Using the records that follow, reproduce exactly the lines starting at the line containing "Orientation: axial" and ending at the line containing "An aerial image. It shows: Building". Include both end lines and no pictures.

Dataset entries
________

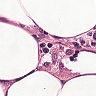
Metastatic tissue present: no
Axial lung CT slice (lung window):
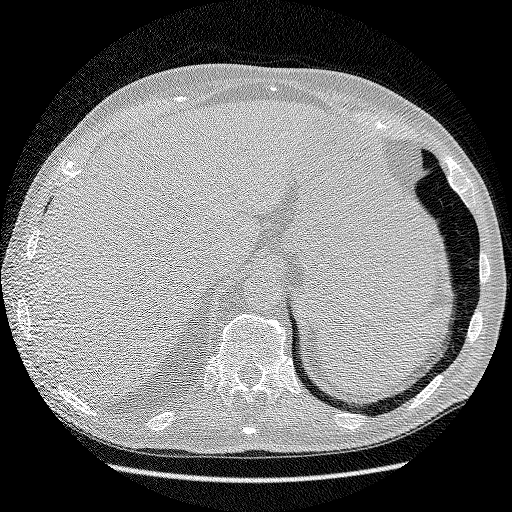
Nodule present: no
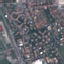
Label: Residential
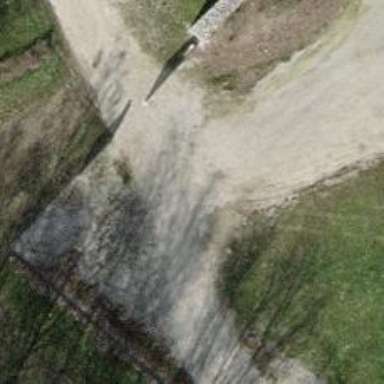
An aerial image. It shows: Service road with fine gravel surface.
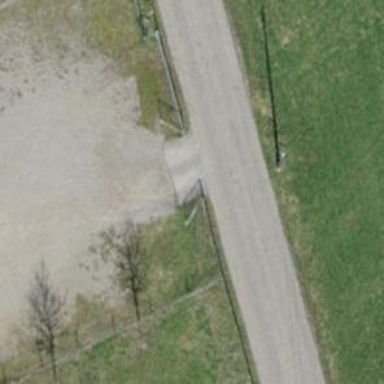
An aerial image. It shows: Gate.
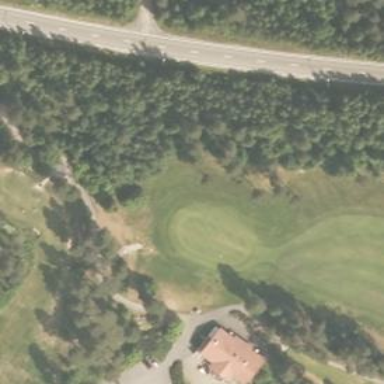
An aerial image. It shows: View of golf hole.
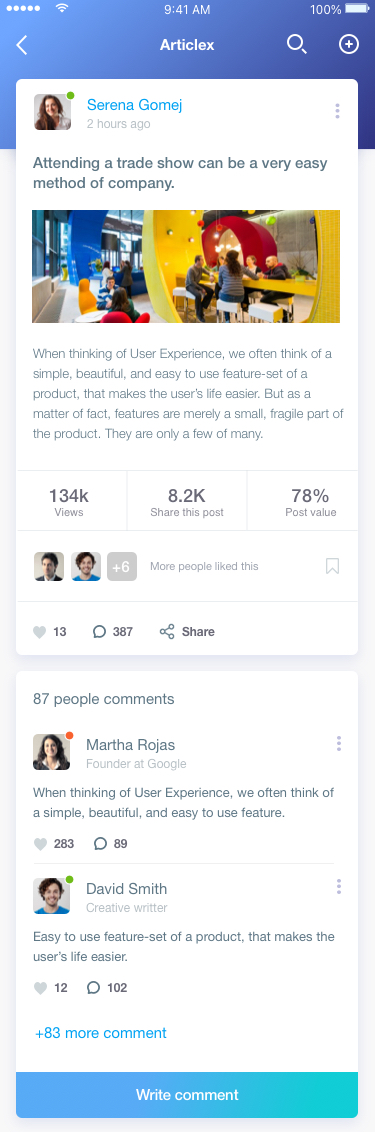
Text in this UI design:
Articlex
Attending a trade show can be a very easy method of company.
When thinking of User Experience, we often think of a simple, beautiful, and easy to use feature-set of a product, that makes the user’s life easier. But as a matter of fact, features are merely a small, fragile part of the product. They are only a few of many.
13
387
Share
134k
Views
78%
Post value
8.2K
Share this post
More people liked this
+6
Serena Gomej
2 hours ago
Write comment
87 people comments
+83 more comment
Martha Rojas
Founder at Google
When thinking of User Experience, we often think of a simple, beautiful, and easy to use feature.
283
89
David Smith
Creative writter
Easy to use feature-set of a product, that makes the user’s life easier.
12
102
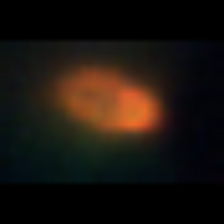
Taxon: Unknown_phyto
Group: Unknown
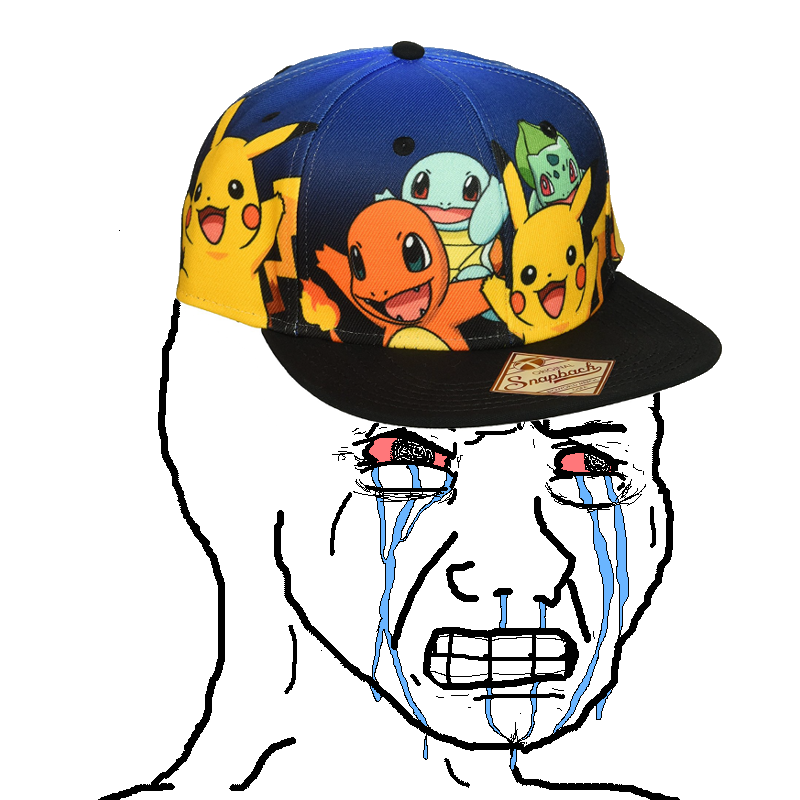
Label: 5_Crying_Wojak
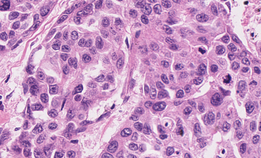
Tumor epithelial tissue: yes
Tumor-associated stroma tissue: yes
Normal tissue: no
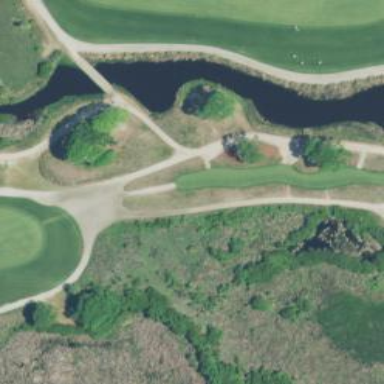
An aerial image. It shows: Path for both roads and golfers.
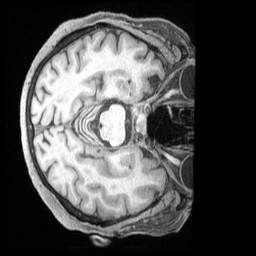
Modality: T1w
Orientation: axial
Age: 72
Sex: female
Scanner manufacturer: siemens
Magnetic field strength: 3 T
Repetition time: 2.5 s
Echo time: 0.00222 s
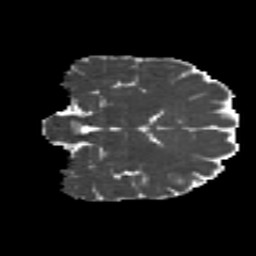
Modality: MD
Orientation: coronal
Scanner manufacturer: siemens
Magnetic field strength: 3 T
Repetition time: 4.16 s
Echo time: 0.0806 s
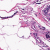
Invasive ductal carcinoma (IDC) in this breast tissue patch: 0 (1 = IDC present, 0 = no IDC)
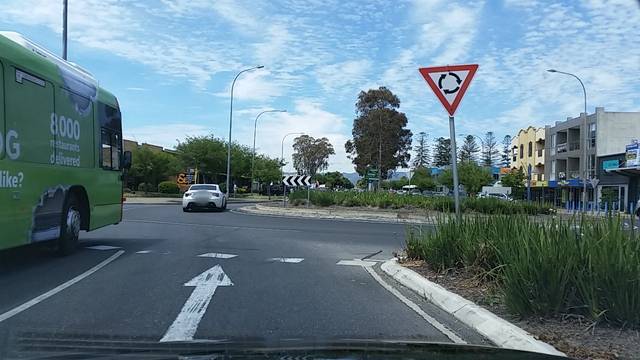
Region: Australia
Coordinates: -34.976, 138.517
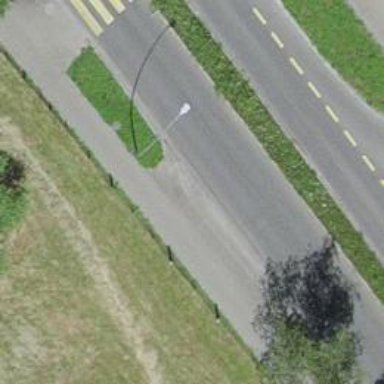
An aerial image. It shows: Asphalt cycleway.
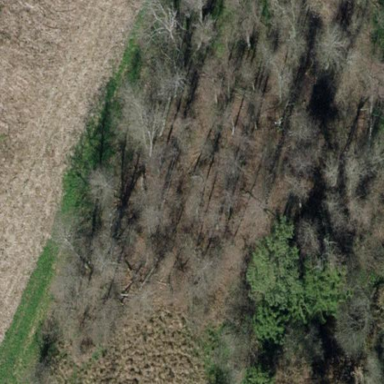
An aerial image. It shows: Mixed leaf-type forest area.
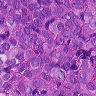
Metastatic tissue present: yes
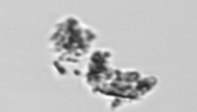
Label: detritus
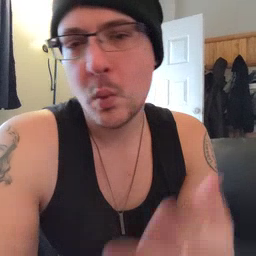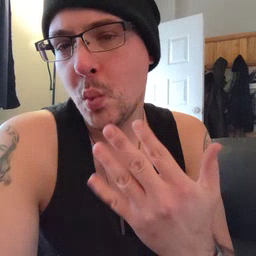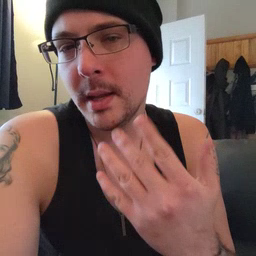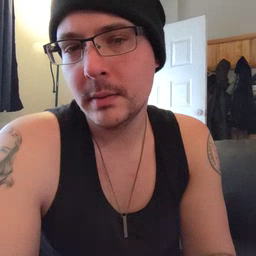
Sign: wait
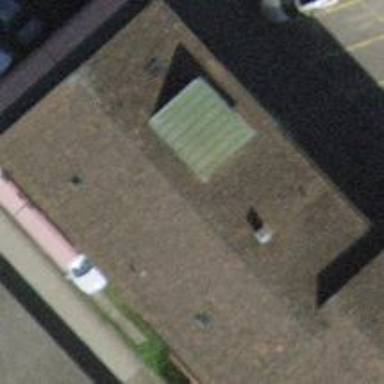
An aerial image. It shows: Building with tile roof. The roof has pitched shape.
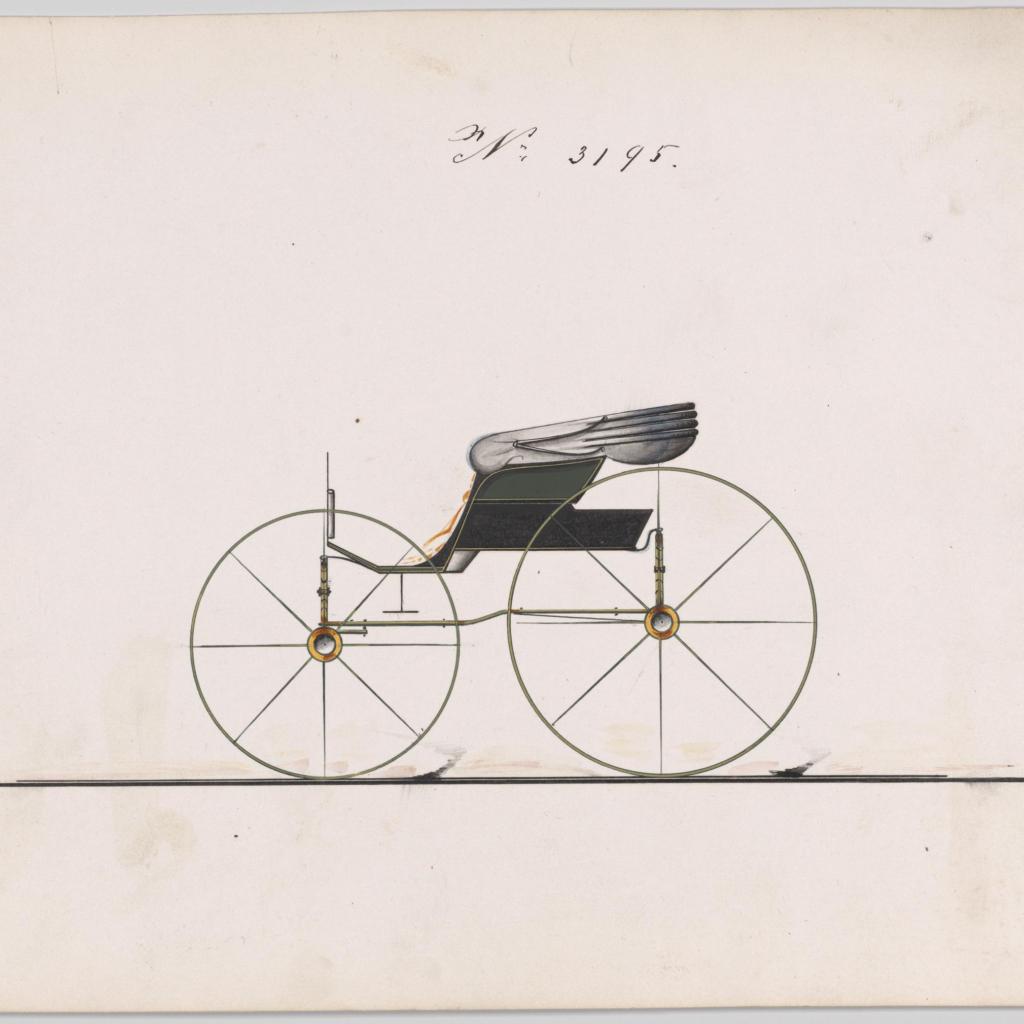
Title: Design for Pony Phaeton, no. 3195
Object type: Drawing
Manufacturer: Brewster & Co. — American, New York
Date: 1876
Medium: pen and black ink, watercolor and gouache
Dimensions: Sheet: 6 9/16 x 9 1/16 in. (16.7 x 23.1 cm)
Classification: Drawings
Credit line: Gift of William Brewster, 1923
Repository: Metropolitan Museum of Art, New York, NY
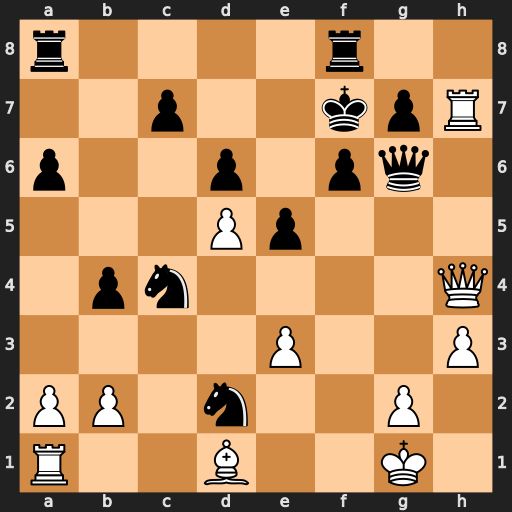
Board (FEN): r4r2/2p2kpR/p2p1pq1/3Pp3/1pn4Q/4P2P/PP1n2P1/R2B2K1
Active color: w
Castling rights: -
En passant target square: -
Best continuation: Bh5 Nf3+ Bxf3 Qg5 Qxc4

________

ANSWER TO THIS TASK:
Orientation: axial
Age: 72
Sex: female
Scanner manufacturer: siemens
Magnetic field strength: 3 T
Repetition time: 2.5 s
Echo time: 0.00222 s
Modality: MD
Orientation: coronal
Scanner manufacturer: siemens
Magnetic field strength: 3 T
Repetition time: 4.16 s
Echo time: 0.0806 s
Invasive ductal carcinoma (IDC) in this breast tissue patch: 0 (1 = IDC present, 0 = no IDC)
Region: Australia
Coordinates: -34.976, 138.517
An aerial image. It shows: Asphalt cycleway.
An aerial image. It shows: Mixed leaf-type forest area.
Metastatic tissue present: yes
Label: detritus
Sign: wait
An aerial image. It shows: Building with tile roof. The roof has pitched shape.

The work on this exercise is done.